Needed from the data below: every line from the one with "hfov_deg=90.0. Metres; depth" up to and including the one with "The object in", repeated exactly and with nothing else.

(LISTED ENTRIES begins)

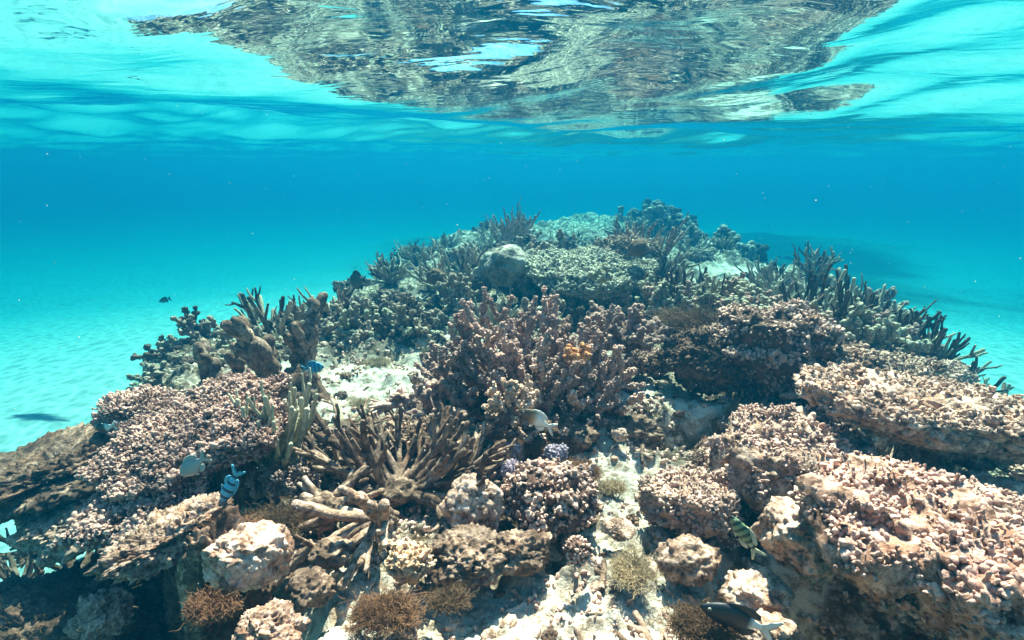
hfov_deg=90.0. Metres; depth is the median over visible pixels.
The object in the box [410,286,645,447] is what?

(LISTED ENTRIES ends)
(LISTED ENTRIES begins)

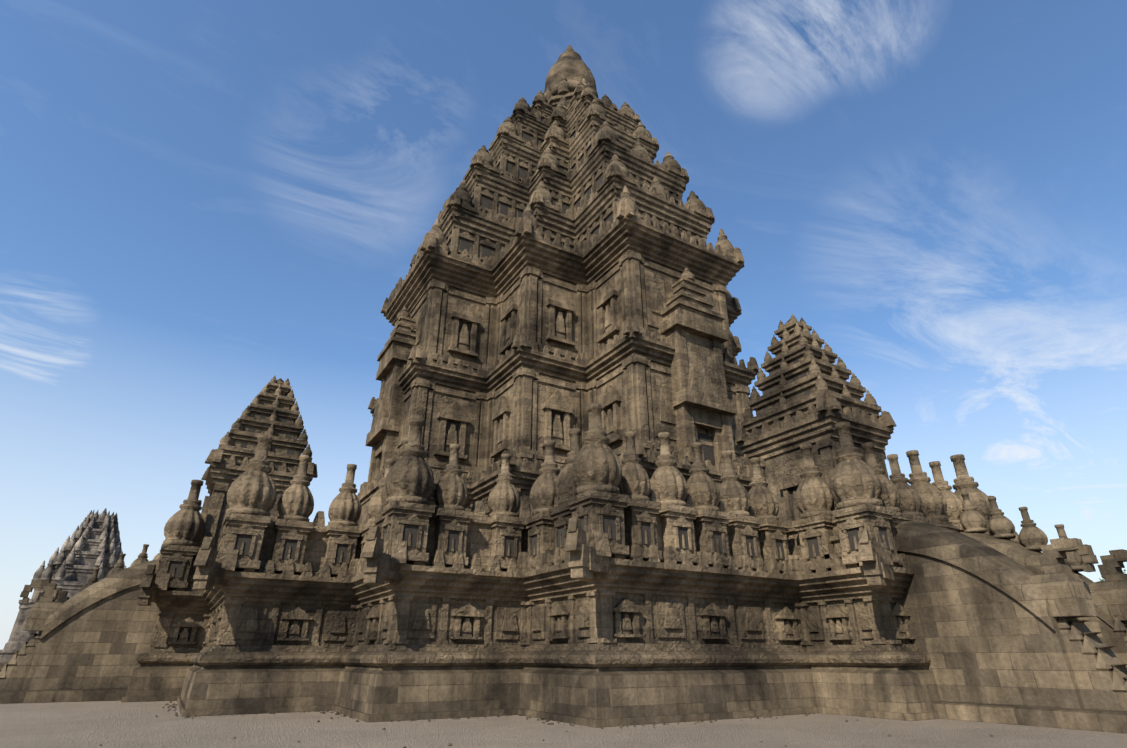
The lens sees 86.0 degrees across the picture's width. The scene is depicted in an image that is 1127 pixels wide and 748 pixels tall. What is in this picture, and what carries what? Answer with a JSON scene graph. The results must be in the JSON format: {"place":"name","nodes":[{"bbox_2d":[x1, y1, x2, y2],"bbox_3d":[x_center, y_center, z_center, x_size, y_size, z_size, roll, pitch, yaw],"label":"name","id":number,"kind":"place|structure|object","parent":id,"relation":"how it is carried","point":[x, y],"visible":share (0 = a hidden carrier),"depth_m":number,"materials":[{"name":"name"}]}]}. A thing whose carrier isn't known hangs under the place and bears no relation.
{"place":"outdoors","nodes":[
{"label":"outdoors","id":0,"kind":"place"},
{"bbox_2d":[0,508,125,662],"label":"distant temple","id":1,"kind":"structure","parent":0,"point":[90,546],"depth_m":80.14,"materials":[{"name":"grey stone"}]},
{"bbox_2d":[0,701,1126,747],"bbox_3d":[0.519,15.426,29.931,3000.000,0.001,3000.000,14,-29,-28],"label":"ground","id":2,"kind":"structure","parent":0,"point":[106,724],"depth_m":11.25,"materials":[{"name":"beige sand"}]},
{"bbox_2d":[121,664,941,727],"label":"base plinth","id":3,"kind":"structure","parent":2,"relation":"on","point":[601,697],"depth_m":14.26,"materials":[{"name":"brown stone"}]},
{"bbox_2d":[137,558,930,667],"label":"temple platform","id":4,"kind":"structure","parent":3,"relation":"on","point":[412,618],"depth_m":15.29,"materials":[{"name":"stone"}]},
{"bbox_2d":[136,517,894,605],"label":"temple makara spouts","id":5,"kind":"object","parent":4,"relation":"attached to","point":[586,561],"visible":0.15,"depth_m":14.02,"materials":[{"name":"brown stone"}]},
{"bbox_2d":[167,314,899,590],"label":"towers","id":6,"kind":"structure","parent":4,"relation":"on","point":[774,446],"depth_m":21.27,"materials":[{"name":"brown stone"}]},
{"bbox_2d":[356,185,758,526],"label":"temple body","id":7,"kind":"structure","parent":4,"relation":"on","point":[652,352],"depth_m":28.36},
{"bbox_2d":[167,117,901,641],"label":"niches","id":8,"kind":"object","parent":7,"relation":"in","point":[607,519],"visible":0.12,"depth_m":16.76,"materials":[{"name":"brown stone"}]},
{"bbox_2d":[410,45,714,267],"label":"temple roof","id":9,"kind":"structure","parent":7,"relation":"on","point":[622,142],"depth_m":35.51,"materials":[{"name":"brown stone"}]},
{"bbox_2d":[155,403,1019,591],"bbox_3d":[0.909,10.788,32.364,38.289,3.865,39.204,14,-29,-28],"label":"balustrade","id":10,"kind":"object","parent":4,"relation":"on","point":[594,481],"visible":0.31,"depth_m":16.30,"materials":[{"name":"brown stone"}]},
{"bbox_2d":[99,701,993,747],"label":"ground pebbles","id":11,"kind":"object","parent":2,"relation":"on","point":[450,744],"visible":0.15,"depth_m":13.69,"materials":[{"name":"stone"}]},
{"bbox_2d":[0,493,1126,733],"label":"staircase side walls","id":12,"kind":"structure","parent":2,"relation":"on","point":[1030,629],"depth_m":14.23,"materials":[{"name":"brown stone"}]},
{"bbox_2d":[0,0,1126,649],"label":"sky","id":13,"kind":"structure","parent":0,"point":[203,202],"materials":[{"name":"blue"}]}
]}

(LISTED ENTRIES ends)

_SOLUTION FOR THIS PROBLEM_
hfov_deg=90.0. Metres; depth is the median over visible pixels.
The object in the box [410,286,645,447] is what?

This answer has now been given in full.